Troubleshooting Memory Issues with MapReduce Jobs
November 1, 2017Hadoop or Big Data Interview Questions and Answers (Part 1)
November 15, 2017Our goal for this post is to help you understand how Spark’s execution engine converts logical plan in to a physical plan and how stages and number of tasks are determined for a given set of instructions.
Imagine a stocks dataset, which has row by row stocks related information – stock symbol, date, opening price, closing price, volume etc for several stocks symbol in text format. Here we see a logical plan for calculating the max volume by stock symbol. First we read the dataset, next we apply the map function to get individual columns (splits RDD). Next we apply another map function to get just symbol and volume column (symvol RDD). Finally we use reducebyKey function to get the maximum volume by symbol (maxvol RDD)
If you are interested in the post, you might interested in our free Spark Starter Kit course. Click here to enroll.
How do you think this logical plan will be converted in to tasks for execution? A task is nothing but a piece of execution. Put yourself in the shoes of spark creators and now take a look at the logical plan. How would you break up this plan in to tasks? How many task do you think you would need to execute this plan?

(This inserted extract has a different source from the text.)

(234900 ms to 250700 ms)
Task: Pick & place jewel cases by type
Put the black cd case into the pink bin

If you have read so far, we promise you will love to hear what other things we have to say.
Strategy 1 – Turn each arrow in to a task
We could consider each arrow that we see in the plan as a task. So we will have 4 tasks between blocks and stocks RDD, 4 tasks between stocks and splits and 4 tasks between splits and symvol.

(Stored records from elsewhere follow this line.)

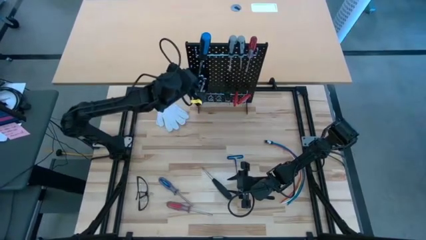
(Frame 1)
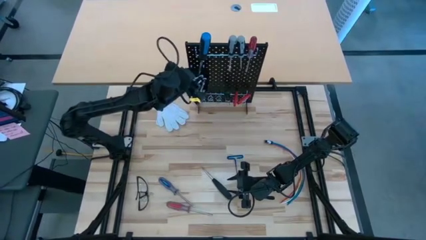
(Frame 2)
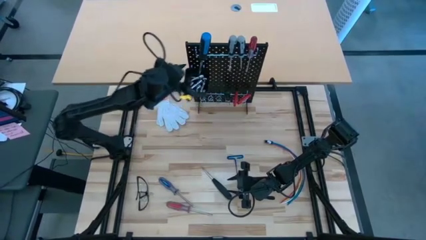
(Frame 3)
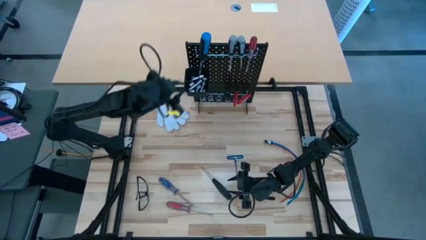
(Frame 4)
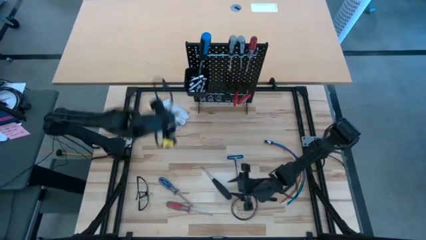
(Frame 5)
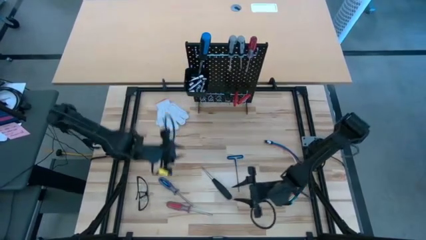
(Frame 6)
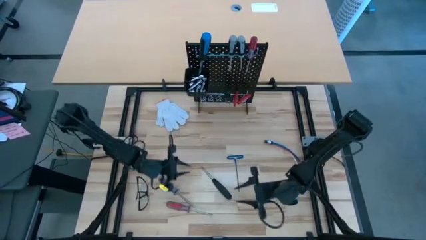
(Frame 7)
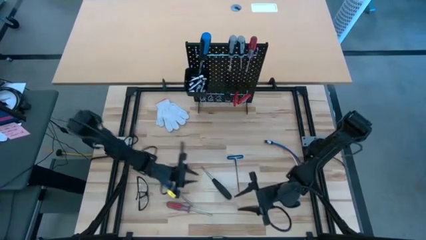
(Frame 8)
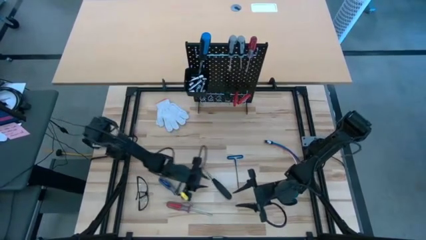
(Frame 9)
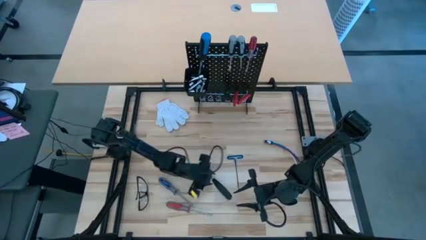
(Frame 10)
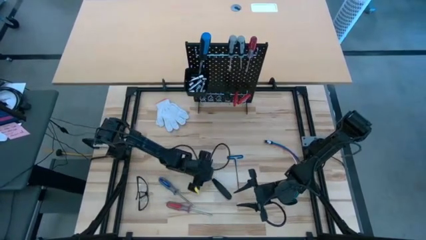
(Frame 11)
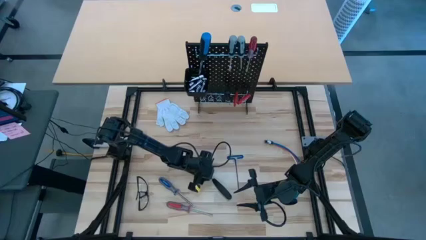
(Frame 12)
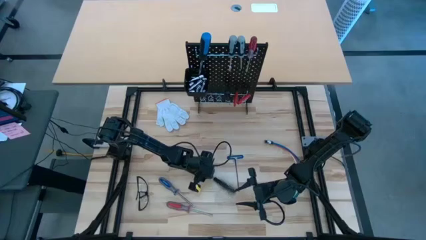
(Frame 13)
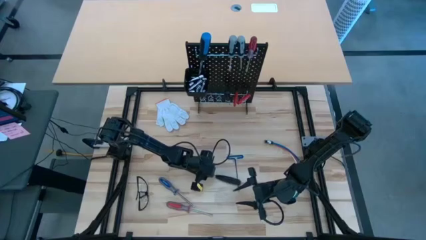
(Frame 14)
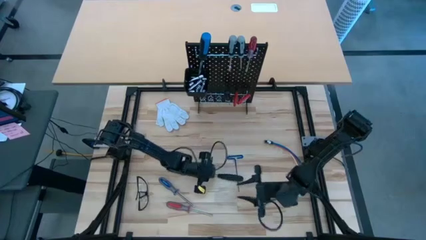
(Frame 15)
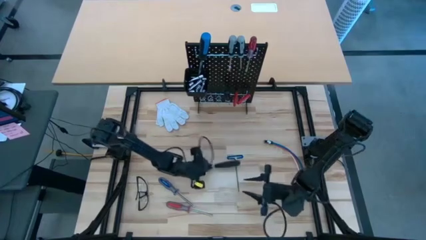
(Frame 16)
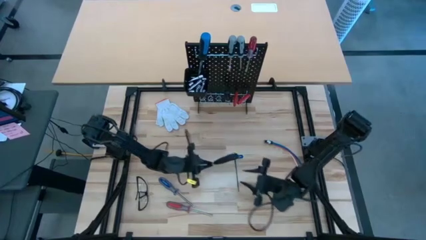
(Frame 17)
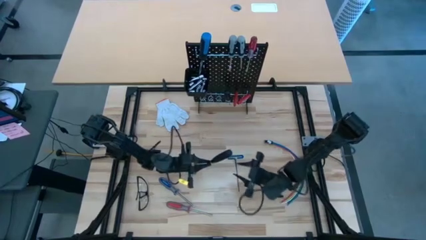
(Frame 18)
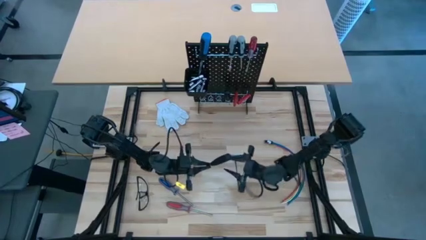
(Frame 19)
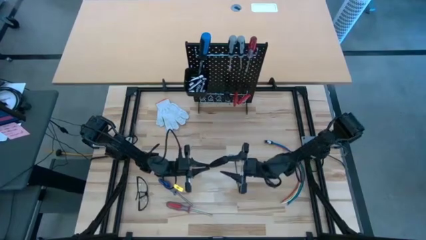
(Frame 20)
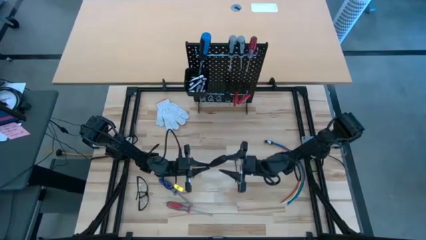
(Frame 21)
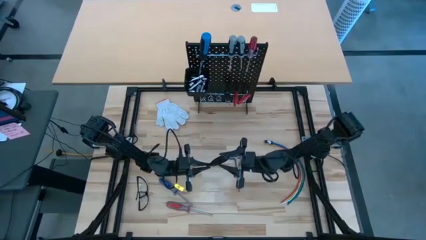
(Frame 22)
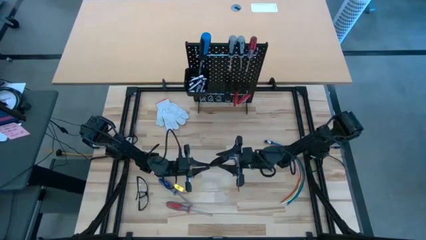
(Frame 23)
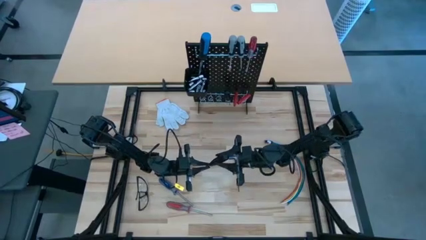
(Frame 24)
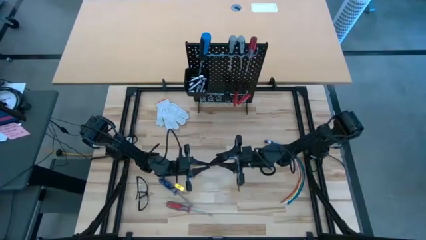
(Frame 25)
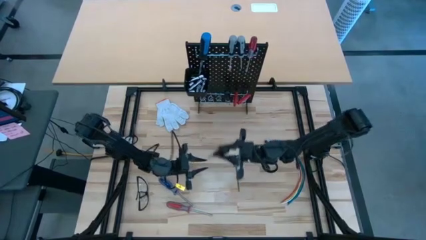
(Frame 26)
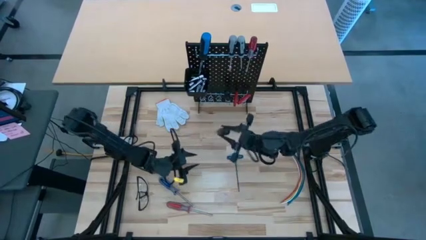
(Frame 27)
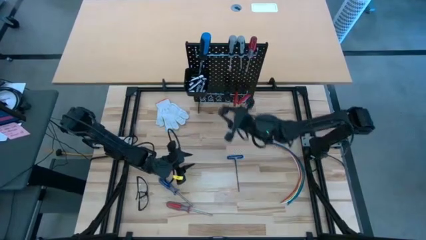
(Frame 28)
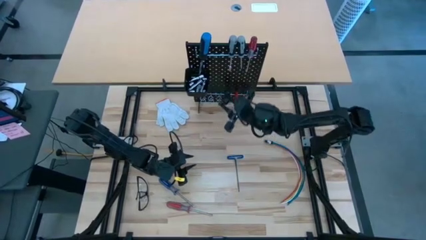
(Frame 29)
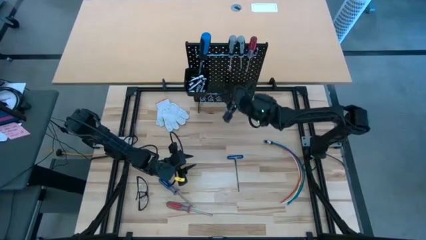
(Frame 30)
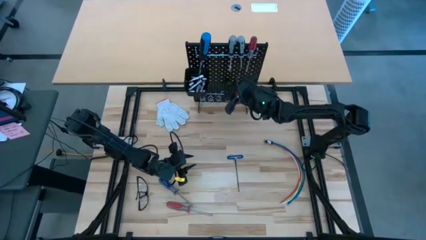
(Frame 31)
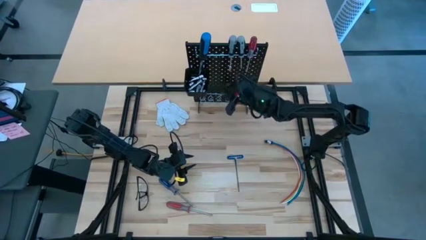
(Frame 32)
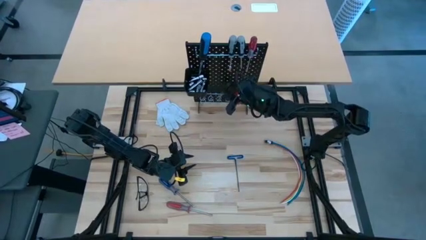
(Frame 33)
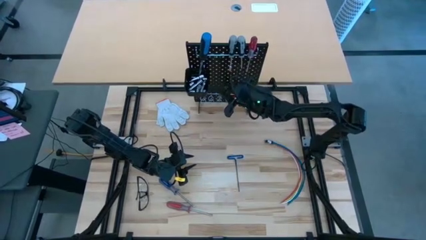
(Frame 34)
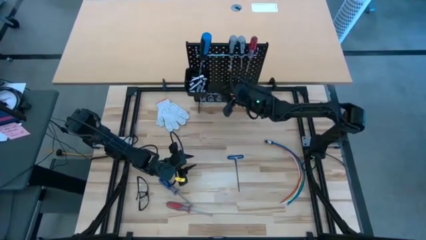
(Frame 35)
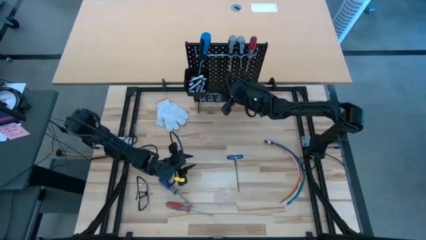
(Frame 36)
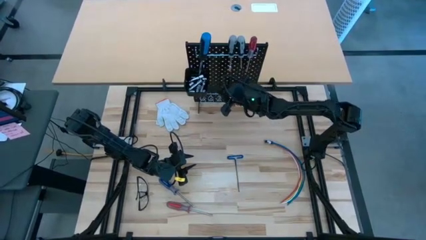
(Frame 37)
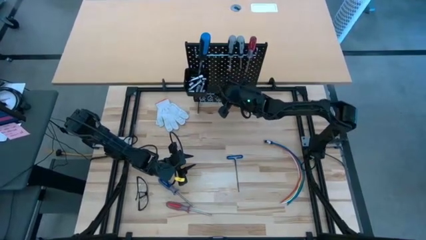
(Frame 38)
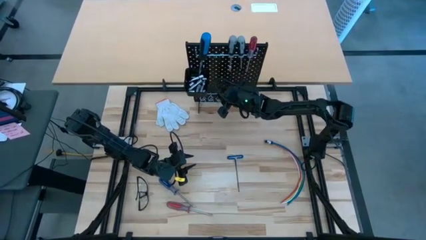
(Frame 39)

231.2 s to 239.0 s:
Task: Hang tools onto peg board
Hang the black screwdriver on the pegboard

In that case task 5 for instance, will work on partition 1 from stocks RDD and apply split function on all the elements to form partition 1 in splits RDD. Task 10 for instance will work on all elements of partition 2 of splits RDD and fetch just the symbol and volume to form partition 2 of symvol RDD.
Shuffle in this case could get really messy with this strategy; as we have each partition in maxvol RDD depend on multiple partitions in symvol RDD. So we will end up with lot of tasks.
Problems With Strategy 1
The most obvious problem with this strategy is the number of tasks. Even if we don’t consider the number of tasks we need to execute the shuffle we will need 12 tasks. That’s just too many tasks to manage.

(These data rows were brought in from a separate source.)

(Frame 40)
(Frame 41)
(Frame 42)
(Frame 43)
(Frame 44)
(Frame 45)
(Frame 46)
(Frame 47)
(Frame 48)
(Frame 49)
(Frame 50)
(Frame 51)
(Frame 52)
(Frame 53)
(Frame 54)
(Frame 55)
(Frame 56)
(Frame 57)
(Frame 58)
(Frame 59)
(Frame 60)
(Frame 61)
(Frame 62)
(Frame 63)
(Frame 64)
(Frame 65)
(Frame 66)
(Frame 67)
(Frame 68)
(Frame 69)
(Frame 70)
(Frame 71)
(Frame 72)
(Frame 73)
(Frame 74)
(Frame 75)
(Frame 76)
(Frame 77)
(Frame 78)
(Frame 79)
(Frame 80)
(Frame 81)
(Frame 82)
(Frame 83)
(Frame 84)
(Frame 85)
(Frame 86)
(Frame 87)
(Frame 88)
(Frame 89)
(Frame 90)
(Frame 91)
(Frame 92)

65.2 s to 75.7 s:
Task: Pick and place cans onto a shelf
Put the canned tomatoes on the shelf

Not only that, each task would generate intermediate data and we need to store and keep track of all the intermediate data some how. So this strategy has memory or storage challenges.
Also, this strategy will also take a heavy hit on performance. Because for instance, to create partition 1 in splits RDD we have to loop through all the elements in partition 1 in stocks RDD and then again to create partition 1 in symvol RDD we have to loop through again all the elements in partition 1 in splits RDD. It just seems redundant doesn’t it?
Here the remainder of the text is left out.